Friday, February 11, 2011

Writing Prompt - Dancing

I decided I need to start writing again. I think I stopped for awhile because I got too anxious about it--too judgmental, too worried about how it would come off, too worried about what I would dredge up. But I miss it. So here goes the first of what I hope will be a weekly (or possibly daily) tradition.

Writing Prompt: Respond to the following clip of a poem by Lisa Phoenix.

"dancing
is too important
to leave
only
to the young -

may our
old women
dance."

Sixth grade, Valentine's Day. My mom bought me the purple velvet dress I wanted, we put fake violets in my hair. I snuck some mascara from the pink and green tube lying in the top drawer of my parents' bathroom. My dance card trembles in my hand, and I swallow hard as I look around--at least I only have a few blank spaces, mostly on fast dances. The boys are almost all shorter than me, their eyes at an awkward chest-level. I'm only excited about one of the dances, really. The parents snap pictures from the back, hiding behind the pink punch bowls and frosted heart cookies. I'm glad I invited my mom: she would be able to capture my moment forever. She had received careful instructions from me to do so. I hoped she wouldn't come too close though--I didn't want it to seem too obvious, like I had planned the whole thing out. For weeks, maybe months. The time has come--he claps his hand on my shoulder, wraps his cookie-crumb fingers around my waist.

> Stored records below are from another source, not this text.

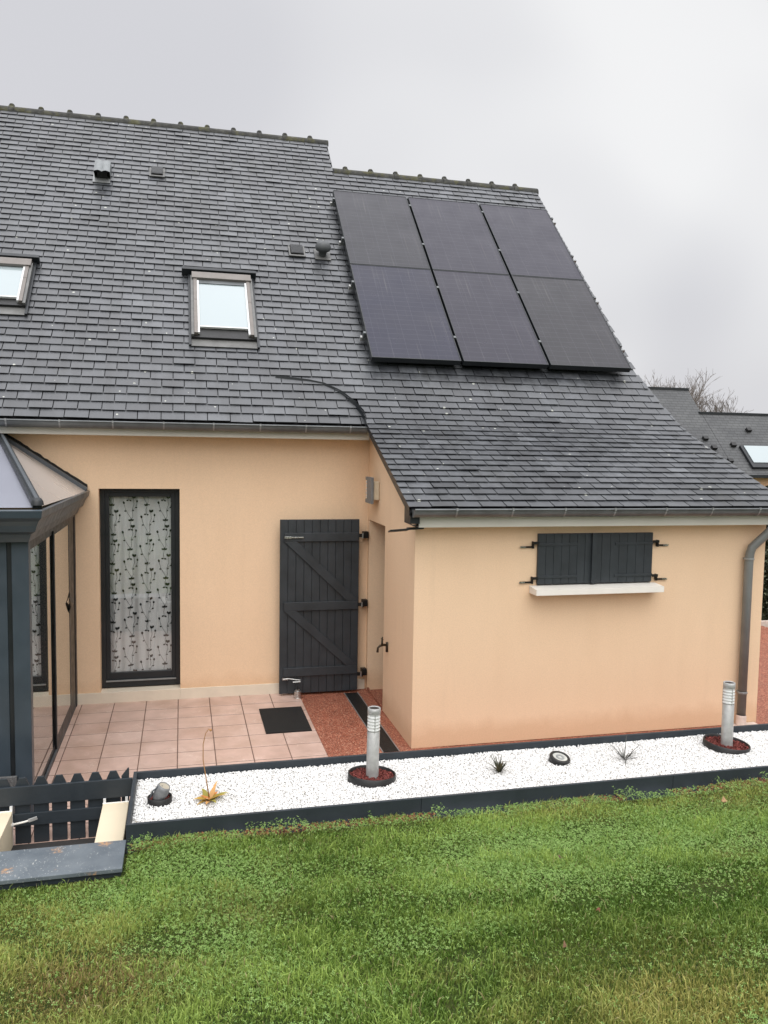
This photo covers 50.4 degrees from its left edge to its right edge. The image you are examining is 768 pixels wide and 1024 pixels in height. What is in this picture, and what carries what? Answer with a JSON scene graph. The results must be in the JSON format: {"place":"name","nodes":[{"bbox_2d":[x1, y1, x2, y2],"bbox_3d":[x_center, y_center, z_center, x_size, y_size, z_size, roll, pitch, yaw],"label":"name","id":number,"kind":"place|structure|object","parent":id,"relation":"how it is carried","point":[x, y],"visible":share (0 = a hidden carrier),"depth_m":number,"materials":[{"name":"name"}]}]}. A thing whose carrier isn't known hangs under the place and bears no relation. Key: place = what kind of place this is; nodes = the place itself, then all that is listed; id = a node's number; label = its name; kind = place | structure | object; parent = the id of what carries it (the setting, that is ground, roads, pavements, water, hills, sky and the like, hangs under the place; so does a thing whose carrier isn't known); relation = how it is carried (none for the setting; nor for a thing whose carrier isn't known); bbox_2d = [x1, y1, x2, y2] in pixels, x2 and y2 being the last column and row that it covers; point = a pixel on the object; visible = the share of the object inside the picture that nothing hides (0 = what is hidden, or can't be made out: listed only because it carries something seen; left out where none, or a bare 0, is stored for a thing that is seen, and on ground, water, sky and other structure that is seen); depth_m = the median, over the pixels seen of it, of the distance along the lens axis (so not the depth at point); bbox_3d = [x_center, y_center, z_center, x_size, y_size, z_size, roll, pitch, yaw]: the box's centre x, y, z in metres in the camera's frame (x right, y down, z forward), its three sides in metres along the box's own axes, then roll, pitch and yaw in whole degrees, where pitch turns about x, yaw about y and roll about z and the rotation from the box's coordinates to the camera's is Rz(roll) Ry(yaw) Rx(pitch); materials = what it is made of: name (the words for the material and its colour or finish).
{"place":"outdoors","nodes":[
{"label":"outdoors","id":0,"kind":"place"},
{"bbox_2d":[13,693,327,844],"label":"patio tiles","id":1,"kind":"object","parent":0,"point":[97,717],"visible":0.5,"depth_m":8.55,"materials":[{"name":"beige tile"}]},
{"bbox_2d":[0,806,12,851],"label":"wall","id":2,"kind":"structure","parent":1,"relation":"on","point":[6,831],"depth_m":6.02,"materials":[{"name":"beige paint"}]},
{"bbox_2d":[12,816,37,826],"bbox_3d":[-2.719,2.337,6.152,0.208,0.081,0.030,0,5,-11],"label":"stay hook","id":3,"kind":"object","parent":2,"relation":"attached to","point":[30,820],"visible":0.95,"depth_m":6.15,"materials":[{"name":"white paint"}]},
{"bbox_2d":[0,433,89,811],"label":"conservatory","id":4,"kind":"object","parent":1,"relation":"on","point":[38,663],"visible":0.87,"depth_m":7.18,"materials":[{"name":"metal"}]},
{"bbox_2d":[0,776,16,813],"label":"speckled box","id":5,"kind":"object","parent":4,"relation":"attached to","point":[12,780],"visible":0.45,"depth_m":6.62,"materials":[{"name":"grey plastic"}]},
{"bbox_2d":[11,838,94,850],"bbox_3d":[-2.390,2.562,5.837,0.641,0.017,0.862,0,5,-14],"label":"step","id":6,"kind":"object","parent":1,"relation":"on","point":[53,844],"visible":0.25,"depth_m":6.20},
{"bbox_2d":[0,767,132,843],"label":"picket fence","id":7,"kind":"object","parent":1,"relation":"on","point":[22,795],"visible":0.77,"depth_m":6.27,"materials":[{"name":"black wood"}]},
{"bbox_2d":[94,796,128,854],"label":"wall","id":8,"kind":"structure","parent":1,"relation":"on","point":[112,822],"depth_m":6.02,"materials":[{"name":"beige paint"}]},
{"bbox_2d":[13,694,322,843],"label":"patio joints","id":9,"kind":"object","parent":1,"relation":"on","point":[177,752],"visible":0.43,"depth_m":8.45,"materials":[{"name":"concrete"}]},
{"bbox_2d":[259,706,311,733],"bbox_3d":[-1.116,2.326,9.157,0.495,0.013,0.830,0,5,-14],"label":"doormat","id":10,"kind":"object","parent":1,"relation":"on","point":[284,719],"visible":1,"depth_m":9.11,"materials":[{"name":"black rubber"}]},
{"bbox_2d":[294,686,300,698],"bbox_3d":[-1.053,2.197,9.963,0.088,0.147,0.088,0,5,-14],"label":"tin","id":11,"kind":"object","parent":1,"relation":"on","point":[297,693],"visible":1,"depth_m":9.93,"materials":[{"name":"metal"}]},
{"bbox_2d":[301,688,442,756],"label":"pavement","id":12,"kind":"structure","parent":0,"point":[339,726],"depth_m":9.10,"materials":[{"name":"red gravel"}]},
{"bbox_2d":[344,692,399,752],"bbox_3d":[-0.171,2.343,9.242,0.180,0.006,2.040,0,5,-14],"label":"drain channel","id":13,"kind":"object","parent":12,"relation":"on","point":[360,707],"visible":0.73,"depth_m":9.28,"materials":[{"name":"metal"}]},
{"bbox_2d":[0,777,767,1023],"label":"lawn","id":14,"kind":"structure","parent":0,"point":[471,951],"depth_m":4.07,"materials":[{"name":"plant"}]},
{"bbox_2d":[0,840,125,889],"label":"step board","id":15,"kind":"object","parent":14,"relation":"on","point":[54,865],"visible":0.88,"depth_m":5.18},
{"bbox_2d":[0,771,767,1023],"bbox_3d":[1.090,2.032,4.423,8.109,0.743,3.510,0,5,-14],"label":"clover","id":16,"kind":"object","parent":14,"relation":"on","point":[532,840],"visible":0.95,"depth_m":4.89,"materials":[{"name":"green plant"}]},
{"bbox_2d":[128,777,767,851],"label":"soil crumbs","id":17,"kind":"object","parent":14,"relation":"on","point":[357,822],"visible":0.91,"depth_m":5.85,"materials":[{"name":"brown soil"}]},
{"bbox_2d":[0,0,767,413],"label":"sky","id":18,"kind":"structure","parent":0,"point":[640,127],"materials":[{"name":"white"}]},
{"bbox_2d":[307,626,767,750],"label":"path","id":19,"kind":"structure","parent":0,"point":[762,707],"depth_m":9.95,"materials":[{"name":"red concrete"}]},
{"bbox_2d":[126,723,767,853],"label":"planter","id":20,"kind":"object","parent":19,"relation":"on","point":[485,800],"visible":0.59,"depth_m":6.35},
{"bbox_2d":[132,736,767,822],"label":"planter soil","id":21,"kind":"structure","parent":20,"relation":"in","point":[401,779],"depth_m":6.54,"materials":[{"name":"white gravel"}]},
{"bbox_2d":[147,792,171,807],"bbox_3d":[-1.662,2.136,6.055,0.178,0.066,0.178,0,5,-14],"label":"mulch ring","id":22,"kind":"object","parent":21,"relation":"on","point":[162,803],"visible":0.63,"depth_m":5.99,"materials":[{"name":"black stone"}]},
{"bbox_2d":[150,782,169,800],"bbox_3d":[-1.645,2.071,6.026,0.136,0.154,0.105,2,5,10],"label":"garden spotlight","id":23,"kind":"object","parent":22,"relation":"on","point":[161,790],"visible":0.98,"depth_m":5.99,"materials":[{"name":"grey metal"}]},
{"bbox_2d":[348,765,395,787],"bbox_3d":[-0.098,2.122,6.551,0.388,0.094,0.388,0,5,-14],"label":"mulch ring","id":24,"kind":"object","parent":21,"relation":"on","point":[357,776],"visible":0.8,"depth_m":6.48,"materials":[{"name":"red plastic"}]},
{"bbox_2d":[366,706,380,778],"bbox_3d":[-0.085,1.845,6.522,0.111,0.581,0.104,0,5,-14],"label":"bollard lamp","id":25,"kind":"object","parent":24,"relation":"on","point":[373,741],"visible":0.99,"depth_m":6.48,"materials":[{"name":"metal"}]},
{"bbox_2d":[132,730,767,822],"bbox_3d":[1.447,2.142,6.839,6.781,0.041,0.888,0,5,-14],"label":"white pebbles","id":26,"kind":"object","parent":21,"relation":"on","point":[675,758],"visible":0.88,"depth_m":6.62,"materials":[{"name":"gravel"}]},
{"bbox_2d":[195,729,227,804],"bbox_3d":[-1.282,1.868,6.115,0.259,0.572,0.346,1,4,7],"label":"withered plant","id":27,"kind":"object","parent":26,"relation":"on","point":[211,796],"visible":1,"depth_m":6.10,"materials":[{"name":"yellow plant"}]},
{"bbox_2d":[604,736,640,763],"bbox_3d":[2.072,2.056,7.039,0.422,0.156,0.408,4,5,31],"label":"grassy plant","id":28,"kind":"object","parent":26,"relation":"on","point":[623,756],"visible":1,"depth_m":7.05,"materials":[{"name":"green plant"}]},
{"bbox_2d":[486,754,508,772],"bbox_3d":[0.935,2.055,6.715,0.212,0.172,0.286,1,4,-3],"label":"spiky plant","id":29,"kind":"object","parent":21,"relation":"on","point":[499,765],"visible":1,"depth_m":6.70,"materials":[{"name":"green plant"}]},
{"bbox_2d":[549,751,569,765],"bbox_3d":[1.495,2.112,6.955,0.178,0.111,0.181,0,5,-14],"label":"ground spotlight","id":30,"kind":"object","parent":21,"relation":"on","point":[558,758],"visible":0.94,"depth_m":6.93,"materials":[{"name":"black plastic"}]},
{"bbox_2d":[702,733,750,756],"bbox_3d":[3.095,2.108,7.385,0.405,0.103,0.403,0,5,-14],"label":"mulch ring","id":31,"kind":"object","parent":21,"relation":"on","point":[711,741],"visible":0.77,"depth_m":7.33,"materials":[{"name":"red plastic"}]},
{"bbox_2d":[721,681,735,746],"bbox_3d":[3.092,1.823,7.343,0.105,0.597,0.104,0,5,-14],"label":"bollard lamp","id":32,"kind":"object","parent":31,"relation":"on","point":[728,703],"visible":1,"depth_m":7.31,"materials":[{"name":"metal"}]},
{"label":"ground","id":33,"kind":"structure","parent":0,"visible":0},
{"bbox_2d":[0,103,767,748],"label":"house","id":34,"kind":"structure","parent":33,"relation":"on","point":[578,553],"depth_m":9.84,"materials":[{"name":"beige paint"}]},
{"bbox_2d":[100,489,179,687],"bbox_3d":[-2.924,0.910,9.823,0.913,2.398,0.092,0,5,-14],"label":"window","id":35,"kind":"structure","parent":34,"relation":"in","point":[110,679],"depth_m":9.82,"materials":[{"name":"black metal"}]},
{"bbox_2d":[109,497,171,671],"bbox_3d":[-2.939,0.896,9.885,0.793,2.300,0.057,0,5,-14],"label":"curtain","id":36,"kind":"object","parent":34,"relation":"hanging from","point":[140,571],"visible":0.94,"depth_m":9.88,"materials":[{"name":"white fabric"}]},
{"bbox_2d":[365,476,379,503],"bbox_3d":[-0.137,-0.263,9.777,0.104,0.315,0.330,0,5,-14],"label":"wall lamp","id":37,"kind":"object","parent":34,"relation":"attached to","point":[372,490],"visible":1,"depth_m":9.65,"materials":[{"name":"grey metal"}]},
{"bbox_2d":[376,637,387,652],"bbox_3d":[-0.011,1.502,9.251,0.161,0.181,0.060,-3,6,-42],"label":"water tap","id":38,"kind":"object","parent":34,"relation":"attached to","point":[381,645],"visible":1,"depth_m":9.23,"materials":[{"name":"brown metal"}]},
{"bbox_2d":[388,527,423,531],"bbox_3d":[0.221,0.175,8.026,0.350,0.058,0.090,0,5,-14],"label":"floodlight","id":39,"kind":"object","parent":34,"relation":"attached to","point":[406,529],"visible":0.95,"depth_m":8.00,"materials":[{"name":"black plastic"}]},
{"bbox_2d":[330,198,555,224],"bbox_3d":[1.036,-4.896,13.397,3.885,0.163,0.122,0,5,-14],"label":"mounting rail","id":40,"kind":"object","parent":34,"relation":"attached to","point":[332,203],"visible":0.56,"depth_m":12.96,"materials":[{"name":"metal"}]},
{"bbox_2d":[338,237,576,262],"bbox_3d":[1.215,-4.036,12.685,3.885,0.163,0.122,0,5,-14],"label":"mounting rail","id":41,"kind":"object","parent":34,"relation":"attached to","point":[341,242],"visible":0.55,"depth_m":12.25,"materials":[{"name":"metal"}]},
{"bbox_2d":[333,190,429,268],"bbox_3d":[-0.072,-4.349,12.595,1.208,1.511,1.511,0,5,-14],"label":"solar panel","id":42,"kind":"object","parent":41,"relation":"attached to","point":[378,229],"visible":0.87,"depth_m":12.52,"materials":[{"name":"black glass"}]},
{"bbox_2d":[407,197,508,274],"bbox_3d":[1.136,-4.353,12.894,1.208,1.511,1.511,0,5,-14],"label":"solar panel","id":43,"kind":"object","parent":41,"relation":"attached to","point":[455,235],"visible":0.81,"depth_m":12.81,"materials":[{"name":"black glass"}]},
{"bbox_2d":[479,204,583,279],"bbox_3d":[2.344,-4.357,13.192,1.208,1.511,1.511,0,5,-14],"label":"solar panel","id":44,"kind":"object","parent":41,"relation":"attached to","point":[529,242],"visible":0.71,"depth_m":13.12,"materials":[{"name":"black glass"}]},
{"bbox_2d":[348,280,598,304],"bbox_3d":[1.392,-3.184,11.980,3.885,0.163,0.122,0,5,-14],"label":"mounting rail","id":45,"kind":"object","parent":34,"relation":"attached to","point":[351,286],"visible":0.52,"depth_m":11.55,"materials":[{"name":"metal"}]},
{"bbox_2d":[360,331,624,352],"bbox_3d":[1.574,-2.310,11.256,3.885,0.163,0.122,0,5,-14],"label":"mounting rail","id":46,"kind":"object","parent":34,"relation":"attached to","point":[362,338],"visible":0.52,"depth_m":10.83,"materials":[{"name":"metal"}]},
{"bbox_2d":[350,264,460,364],"bbox_3d":[0.259,-2.758,11.278,1.208,1.535,1.535,0,5,-14],"label":"solar panel","id":47,"kind":"object","parent":46,"relation":"attached to","point":[403,315],"visible":1,"depth_m":11.16,"materials":[{"name":"black glass"}]},
{"bbox_2d":[432,270,548,368],"bbox_3d":[1.467,-2.762,11.576,1.208,1.535,1.535,0,5,-14],"label":"solar panel","id":48,"kind":"object","parent":46,"relation":"attached to","point":[488,320],"visible":0.97,"depth_m":11.46,"materials":[{"name":"black glass"}]},
{"bbox_2d":[511,275,630,371],"bbox_3d":[2.675,-2.766,11.875,1.208,1.535,1.535,0,5,-14],"label":"solar panel","id":49,"kind":"object","parent":46,"relation":"attached to","point":[570,326],"visible":0.88,"depth_m":11.76,"materials":[{"name":"black glass"}]},
{"bbox_2d":[641,369,721,411],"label":"bare tree","id":50,"kind":"object","parent":33,"relation":"on","point":[691,392],"visible":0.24,"depth_m":49.52,"materials":[{"name":"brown plant"}]},
{"bbox_2d":[643,387,767,485],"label":"neighbour house","id":51,"kind":"structure","parent":33,"relation":"on","point":[740,440],"depth_m":34.51,"materials":[{"name":"stone"}]},
{"bbox_2d":[695,387,753,412],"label":"bare tree","id":52,"kind":"object","parent":33,"relation":"on","point":[719,408],"visible":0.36,"depth_m":51.30,"materials":[{"name":"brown plant"}]},
{"bbox_2d":[761,485,767,619],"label":"hedge","id":53,"kind":"object","parent":33,"relation":"on","point":[764,604],"visible":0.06,"depth_m":15.08,"materials":[{"name":"green plant"}]},
{"bbox_2d":[761,620,767,626],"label":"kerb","id":54,"kind":"structure","parent":33,"relation":"on","point":[764,623],"depth_m":14.67,"materials":[{"name":"concrete"}]}
]}

I put both my hands (shaking) on his shoulders. Step back, left, forward, right. We somehow get into a game with another couple where my partner tries to play mash-me-into-his-best-friend-and-his-partner. I laugh, but he's ruining my plans. He's ruining my idea of the one perfect dance. The song ends, and he has only looked at me twice. I drop my hands, mumble a thank you. He runs off to go eat another red cupcake. I go home and take out the violets, laying them amid clips and barrettes chewed-up elastics. My dress had stained my white tights purple.

I wish I could tell that 12-year-old girl that there would be other dances, magical dances--swaying in the moonlight, salsa in a nightclub. But this is her first, and it is all she knows.

1 comment:

  1. Reading this made me feel like I was back in my ackward 12 year old self and remembering my shiny pink dress I had my mom make me for this exact dance! Remember who I was so excited to dance with?? let's hope we have all forgotten :). Thanks for the post. It's really tender (in a loving way toward our young growing selves) to remember these moments that rarely recalled, connect us with younger generations. I love your writing Torrie. Still have the book you wrote in 6th grade, and I still love to read it :).